TASK STATEMENT.
Output the listing below verbatim, from its first line to its last.
[DATASET EXCERPTS — start]
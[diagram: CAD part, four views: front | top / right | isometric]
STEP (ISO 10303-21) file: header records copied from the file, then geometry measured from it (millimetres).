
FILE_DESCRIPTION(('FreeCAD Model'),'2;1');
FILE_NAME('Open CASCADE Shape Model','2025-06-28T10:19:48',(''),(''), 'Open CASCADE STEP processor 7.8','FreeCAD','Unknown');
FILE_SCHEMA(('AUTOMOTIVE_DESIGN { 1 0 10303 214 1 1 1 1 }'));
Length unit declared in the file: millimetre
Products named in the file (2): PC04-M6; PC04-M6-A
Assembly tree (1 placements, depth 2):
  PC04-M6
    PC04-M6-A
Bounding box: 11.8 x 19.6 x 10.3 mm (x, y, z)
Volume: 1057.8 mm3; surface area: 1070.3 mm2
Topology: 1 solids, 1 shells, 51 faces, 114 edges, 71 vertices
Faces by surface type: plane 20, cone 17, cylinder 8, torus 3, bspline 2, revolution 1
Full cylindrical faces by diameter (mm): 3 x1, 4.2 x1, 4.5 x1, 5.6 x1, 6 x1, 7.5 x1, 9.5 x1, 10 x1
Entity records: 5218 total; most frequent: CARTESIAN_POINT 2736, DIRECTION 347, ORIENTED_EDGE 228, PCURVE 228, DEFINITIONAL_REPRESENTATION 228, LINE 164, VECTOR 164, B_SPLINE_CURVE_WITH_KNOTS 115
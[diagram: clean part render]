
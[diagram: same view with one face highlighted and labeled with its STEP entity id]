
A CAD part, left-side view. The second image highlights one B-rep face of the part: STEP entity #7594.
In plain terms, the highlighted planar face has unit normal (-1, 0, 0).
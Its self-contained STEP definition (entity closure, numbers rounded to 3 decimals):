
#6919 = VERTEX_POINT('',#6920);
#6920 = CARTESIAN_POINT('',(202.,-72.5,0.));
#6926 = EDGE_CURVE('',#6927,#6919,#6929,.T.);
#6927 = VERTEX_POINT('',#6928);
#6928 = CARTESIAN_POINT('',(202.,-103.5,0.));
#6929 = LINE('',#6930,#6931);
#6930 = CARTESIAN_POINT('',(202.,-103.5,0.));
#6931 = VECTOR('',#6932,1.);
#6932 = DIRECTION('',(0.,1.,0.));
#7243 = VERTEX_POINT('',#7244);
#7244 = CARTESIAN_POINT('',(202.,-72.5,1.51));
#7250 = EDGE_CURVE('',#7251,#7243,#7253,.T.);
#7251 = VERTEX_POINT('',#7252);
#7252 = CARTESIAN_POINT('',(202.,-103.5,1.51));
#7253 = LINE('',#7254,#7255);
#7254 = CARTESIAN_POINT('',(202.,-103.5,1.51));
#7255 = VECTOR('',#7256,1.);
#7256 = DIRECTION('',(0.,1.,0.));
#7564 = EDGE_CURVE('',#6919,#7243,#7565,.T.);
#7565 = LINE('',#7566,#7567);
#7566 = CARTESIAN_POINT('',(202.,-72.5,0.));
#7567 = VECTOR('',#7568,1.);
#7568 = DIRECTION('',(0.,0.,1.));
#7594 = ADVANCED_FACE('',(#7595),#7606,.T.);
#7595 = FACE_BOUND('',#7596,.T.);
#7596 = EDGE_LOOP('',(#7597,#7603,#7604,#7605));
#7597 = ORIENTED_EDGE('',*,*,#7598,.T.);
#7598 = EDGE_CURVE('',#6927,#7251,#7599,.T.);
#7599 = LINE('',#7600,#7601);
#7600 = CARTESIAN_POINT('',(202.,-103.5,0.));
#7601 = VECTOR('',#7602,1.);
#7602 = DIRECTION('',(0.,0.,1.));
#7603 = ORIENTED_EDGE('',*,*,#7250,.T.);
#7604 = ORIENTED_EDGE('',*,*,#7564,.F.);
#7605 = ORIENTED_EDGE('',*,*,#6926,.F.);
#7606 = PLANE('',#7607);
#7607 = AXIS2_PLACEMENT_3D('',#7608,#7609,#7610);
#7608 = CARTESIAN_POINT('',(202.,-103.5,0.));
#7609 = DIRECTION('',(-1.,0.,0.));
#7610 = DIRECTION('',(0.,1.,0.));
[DATASET EXCERPTS — finish]
TASK OUTPUT.
[diagram: CAD part, four views: front | top / right | isometric]
STEP (ISO 10303-21) file: header records copied from the file, then geometry measured from it (millimetres).
FILE_DESCRIPTION(('FreeCAD Model'),'2;1');
FILE_NAME('Open CASCADE Shape Model','2025-06-28T10:19:48',(''),(''), 'Open CASCADE STEP processor 7.8','FreeCAD','Unknown');
FILE_SCHEMA(('AUTOMOTIVE_DESIGN { 1 0 10303 214 1 1 1 1 }'));
Length unit declared in the file: millimetre
Products named in the file (2): PC04-M6; PC04-M6-A
Assembly tree (1 placements, depth 2):
  PC04-M6
    PC04-M6-A
Bounding box: 11.8 x 19.6 x 10.3 mm (x, y, z)
Volume: 1057.8 mm3; surface area: 1070.3 mm2
Topology: 1 solids, 1 shells, 51 faces, 114 edges, 71 vertices
Faces by surface type: plane 20, cone 17, cylinder 8, torus 3, bspline 2, revolution 1
Full cylindrical faces by diameter (mm): 3 x1, 4.2 x1, 4.5 x1, 5.6 x1, 6 x1, 7.5 x1, 9.5 x1, 10 x1
Entity records: 5218 total; most frequent: CARTESIAN_POINT 2736, DIRECTION 347, ORIENTED_EDGE 228, PCURVE 228, DEFINITIONAL_REPRESENTATION 228, LINE 164, VECTOR 164, B_SPLINE_CURVE_WITH_KNOTS 115
[diagram: clean part render]
[diagram: same view with one face highlighted and labeled with its STEP entity id]
A CAD part, left-side view. The second image highlights one B-rep face of the part: STEP entity #7594.
In plain terms, the highlighted planar face has unit normal (-1, 0, 0).
Its self-contained STEP definition (entity closure, numbers rounded to 3 decimals):
#6919 = VERTEX_POINT('',#6920);
#6920 = CARTESIAN_POINT('',(202.,-72.5,0.));
#6926 = EDGE_CURVE('',#6927,#6919,#6929,.T.);
#6927 = VERTEX_POINT('',#6928);
#6928 = CARTESIAN_POINT('',(202.,-103.5,0.));
#6929 = LINE('',#6930,#6931);
#6930 = CARTESIAN_POINT('',(202.,-103.5,0.));
#6931 = VECTOR('',#6932,1.);
#6932 = DIRECTION('',(0.,1.,0.));
#7243 = VERTEX_POINT('',#7244);
#7244 = CARTESIAN_POINT('',(202.,-72.5,1.51));
#7250 = EDGE_CURVE('',#7251,#7243,#7253,.T.);
#7251 = VERTEX_POINT('',#7252);
#7252 = CARTESIAN_POINT('',(202.,-103.5,1.51));
#7253 = LINE('',#7254,#7255);
#7254 = CARTESIAN_POINT('',(202.,-103.5,1.51));
#7255 = VECTOR('',#7256,1.);
#7256 = DIRECTION('',(0.,1.,0.));
#7564 = EDGE_CURVE('',#6919,#7243,#7565,.T.);
#7565 = LINE('',#7566,#7567);
#7566 = CARTESIAN_POINT('',(202.,-72.5,0.));
#7567 = VECTOR('',#7568,1.);
#7568 = DIRECTION('',(0.,0.,1.));
#7594 = ADVANCED_FACE('',(#7595),#7606,.T.);
#7595 = FACE_BOUND('',#7596,.T.);
#7596 = EDGE_LOOP('',(#7597,#7603,#7604,#7605));
#7597 = ORIENTED_EDGE('',*,*,#7598,.T.);
#7598 = EDGE_CURVE('',#6927,#7251,#7599,.T.);
#7599 = LINE('',#7600,#7601);
#7600 = CARTESIAN_POINT('',(202.,-103.5,0.));
#7601 = VECTOR('',#7602,1.);
#7602 = DIRECTION('',(0.,0.,1.));
#7603 = ORIENTED_EDGE('',*,*,#7250,.T.);
#7604 = ORIENTED_EDGE('',*,*,#7564,.F.);
#7605 = ORIENTED_EDGE('',*,*,#6926,.F.);
#7606 = PLANE('',#7607);
#7607 = AXIS2_PLACEMENT_3D('',#7608,#7609,#7610);
#7608 = CARTESIAN_POINT('',(202.,-103.5,0.));
#7609 = DIRECTION('',(-1.,0.,0.));
#7610 = DIRECTION('',(0.,1.,0.));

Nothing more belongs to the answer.